WHAT THE EXERCISE ASKS
The stretch wanted below opens at the line containing "#234=VERTEX_POINT('',#466);" and closes at the line containing "#657=VECTOR('',#1040,1.0);". Please return it exactly, with no other lines.

↓

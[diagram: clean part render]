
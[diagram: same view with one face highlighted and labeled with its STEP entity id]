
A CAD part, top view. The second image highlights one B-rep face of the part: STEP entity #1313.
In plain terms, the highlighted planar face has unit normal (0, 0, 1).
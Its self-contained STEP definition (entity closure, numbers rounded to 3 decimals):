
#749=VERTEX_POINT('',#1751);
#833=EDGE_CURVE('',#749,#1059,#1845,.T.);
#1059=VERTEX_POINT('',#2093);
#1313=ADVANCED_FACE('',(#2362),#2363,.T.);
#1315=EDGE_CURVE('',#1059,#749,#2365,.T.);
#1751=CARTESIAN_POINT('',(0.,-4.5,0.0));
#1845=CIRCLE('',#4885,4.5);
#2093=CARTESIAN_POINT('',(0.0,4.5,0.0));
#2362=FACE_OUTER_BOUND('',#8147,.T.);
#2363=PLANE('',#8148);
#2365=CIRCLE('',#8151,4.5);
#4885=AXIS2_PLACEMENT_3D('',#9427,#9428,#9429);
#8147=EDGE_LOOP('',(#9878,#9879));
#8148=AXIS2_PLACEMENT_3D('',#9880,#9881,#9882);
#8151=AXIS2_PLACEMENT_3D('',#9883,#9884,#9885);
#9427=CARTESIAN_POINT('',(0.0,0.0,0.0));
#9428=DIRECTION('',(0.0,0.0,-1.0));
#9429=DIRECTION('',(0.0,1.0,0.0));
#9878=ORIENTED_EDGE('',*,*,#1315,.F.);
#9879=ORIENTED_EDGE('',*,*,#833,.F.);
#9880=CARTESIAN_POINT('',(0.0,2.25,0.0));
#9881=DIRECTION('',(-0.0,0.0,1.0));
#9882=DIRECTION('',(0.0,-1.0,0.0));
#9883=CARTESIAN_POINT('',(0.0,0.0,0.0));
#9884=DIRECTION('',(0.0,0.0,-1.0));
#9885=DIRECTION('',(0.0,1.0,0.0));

↑
↓

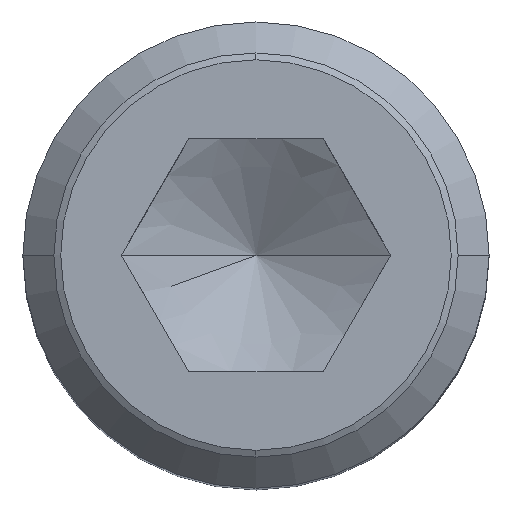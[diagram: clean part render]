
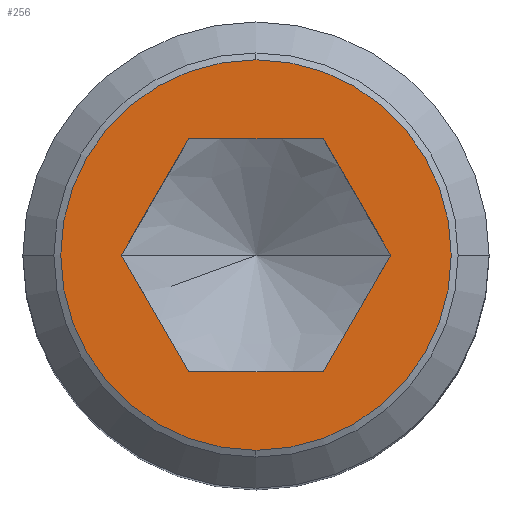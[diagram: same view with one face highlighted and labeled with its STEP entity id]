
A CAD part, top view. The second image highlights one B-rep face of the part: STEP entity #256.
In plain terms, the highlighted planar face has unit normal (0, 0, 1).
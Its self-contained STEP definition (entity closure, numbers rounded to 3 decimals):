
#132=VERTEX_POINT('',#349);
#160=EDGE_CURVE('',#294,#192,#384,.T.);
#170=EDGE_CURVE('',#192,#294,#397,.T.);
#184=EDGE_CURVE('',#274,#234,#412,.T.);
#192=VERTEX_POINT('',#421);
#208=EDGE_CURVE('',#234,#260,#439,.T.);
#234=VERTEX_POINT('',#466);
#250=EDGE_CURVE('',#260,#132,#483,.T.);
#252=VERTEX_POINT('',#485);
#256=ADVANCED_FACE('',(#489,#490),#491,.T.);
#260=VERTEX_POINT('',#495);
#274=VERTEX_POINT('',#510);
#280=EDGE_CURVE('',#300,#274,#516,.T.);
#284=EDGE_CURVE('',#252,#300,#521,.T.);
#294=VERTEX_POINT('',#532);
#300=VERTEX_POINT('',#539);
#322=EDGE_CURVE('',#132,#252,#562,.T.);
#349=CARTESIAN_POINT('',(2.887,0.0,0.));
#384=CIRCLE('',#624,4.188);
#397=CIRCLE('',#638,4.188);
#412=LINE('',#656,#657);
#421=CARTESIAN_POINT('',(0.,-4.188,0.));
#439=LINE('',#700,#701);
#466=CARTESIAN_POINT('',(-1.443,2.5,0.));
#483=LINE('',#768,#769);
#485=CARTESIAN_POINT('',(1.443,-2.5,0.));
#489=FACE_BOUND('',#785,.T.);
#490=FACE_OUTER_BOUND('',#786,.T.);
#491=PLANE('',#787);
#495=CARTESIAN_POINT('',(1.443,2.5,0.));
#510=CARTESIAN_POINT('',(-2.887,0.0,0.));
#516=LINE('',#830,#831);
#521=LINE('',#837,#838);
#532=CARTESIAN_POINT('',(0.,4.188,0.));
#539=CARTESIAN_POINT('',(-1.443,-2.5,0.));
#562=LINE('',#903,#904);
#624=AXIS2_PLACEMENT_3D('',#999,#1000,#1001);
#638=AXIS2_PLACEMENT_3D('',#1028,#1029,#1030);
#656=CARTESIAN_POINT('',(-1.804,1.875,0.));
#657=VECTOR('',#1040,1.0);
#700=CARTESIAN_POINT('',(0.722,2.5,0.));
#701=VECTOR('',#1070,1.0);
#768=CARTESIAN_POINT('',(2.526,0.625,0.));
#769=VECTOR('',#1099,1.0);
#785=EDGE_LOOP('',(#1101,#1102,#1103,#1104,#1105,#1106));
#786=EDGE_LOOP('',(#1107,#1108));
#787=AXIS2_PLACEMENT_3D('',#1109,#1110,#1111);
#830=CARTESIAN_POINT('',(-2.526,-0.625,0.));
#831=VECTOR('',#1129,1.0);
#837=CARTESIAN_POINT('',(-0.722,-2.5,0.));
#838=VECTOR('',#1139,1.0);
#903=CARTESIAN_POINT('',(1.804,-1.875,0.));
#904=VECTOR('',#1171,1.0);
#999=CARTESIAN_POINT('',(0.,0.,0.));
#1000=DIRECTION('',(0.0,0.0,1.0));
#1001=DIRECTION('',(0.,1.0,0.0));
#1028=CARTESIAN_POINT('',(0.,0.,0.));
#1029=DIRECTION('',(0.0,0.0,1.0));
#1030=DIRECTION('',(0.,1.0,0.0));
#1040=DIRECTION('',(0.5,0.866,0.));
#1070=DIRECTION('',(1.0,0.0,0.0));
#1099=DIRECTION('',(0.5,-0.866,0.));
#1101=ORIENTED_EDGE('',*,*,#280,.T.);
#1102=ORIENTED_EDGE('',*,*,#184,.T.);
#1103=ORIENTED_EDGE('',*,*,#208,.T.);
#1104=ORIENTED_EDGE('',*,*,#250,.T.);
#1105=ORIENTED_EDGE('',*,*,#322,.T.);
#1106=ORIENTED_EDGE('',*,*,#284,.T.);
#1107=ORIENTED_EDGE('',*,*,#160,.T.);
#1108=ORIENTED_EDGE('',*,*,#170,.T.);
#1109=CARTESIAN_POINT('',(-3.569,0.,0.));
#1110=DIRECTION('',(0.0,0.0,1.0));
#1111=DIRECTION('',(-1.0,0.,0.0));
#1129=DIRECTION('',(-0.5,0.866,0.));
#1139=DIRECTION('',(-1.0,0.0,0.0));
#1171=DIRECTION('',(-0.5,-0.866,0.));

↑

ANSWER FOR THIS EXERCISE
#234=VERTEX_POINT('',#466);
#250=EDGE_CURVE('',#260,#132,#483,.T.);
#252=VERTEX_POINT('',#485);
#256=ADVANCED_FACE('',(#489,#490),#491,.T.);
#260=VERTEX_POINT('',#495);
#274=VERTEX_POINT('',#510);
#280=EDGE_CURVE('',#300,#274,#516,.T.);
#284=EDGE_CURVE('',#252,#300,#521,.T.);
#294=VERTEX_POINT('',#532);
#300=VERTEX_POINT('',#539);
#322=EDGE_CURVE('',#132,#252,#562,.T.);
#349=CARTESIAN_POINT('',(2.887,0.0,0.));
#384=CIRCLE('',#624,4.188);
#397=CIRCLE('',#638,4.188);
#412=LINE('',#656,#657);
#421=CARTESIAN_POINT('',(0.,-4.188,0.));
#439=LINE('',#700,#701);
#466=CARTESIAN_POINT('',(-1.443,2.5,0.));
#483=LINE('',#768,#769);
#485=CARTESIAN_POINT('',(1.443,-2.5,0.));
#489=FACE_BOUND('',#785,.T.);
#490=FACE_OUTER_BOUND('',#786,.T.);
#491=PLANE('',#787);
#495=CARTESIAN_POINT('',(1.443,2.5,0.));
#510=CARTESIAN_POINT('',(-2.887,0.0,0.));
#516=LINE('',#830,#831);
#521=LINE('',#837,#838);
#532=CARTESIAN_POINT('',(0.,4.188,0.));
#539=CARTESIAN_POINT('',(-1.443,-2.5,0.));
#562=LINE('',#903,#904);
#624=AXIS2_PLACEMENT_3D('',#999,#1000,#1001);
#638=AXIS2_PLACEMENT_3D('',#1028,#1029,#1030);
#656=CARTESIAN_POINT('',(-1.804,1.875,0.));
#657=VECTOR('',#1040,1.0);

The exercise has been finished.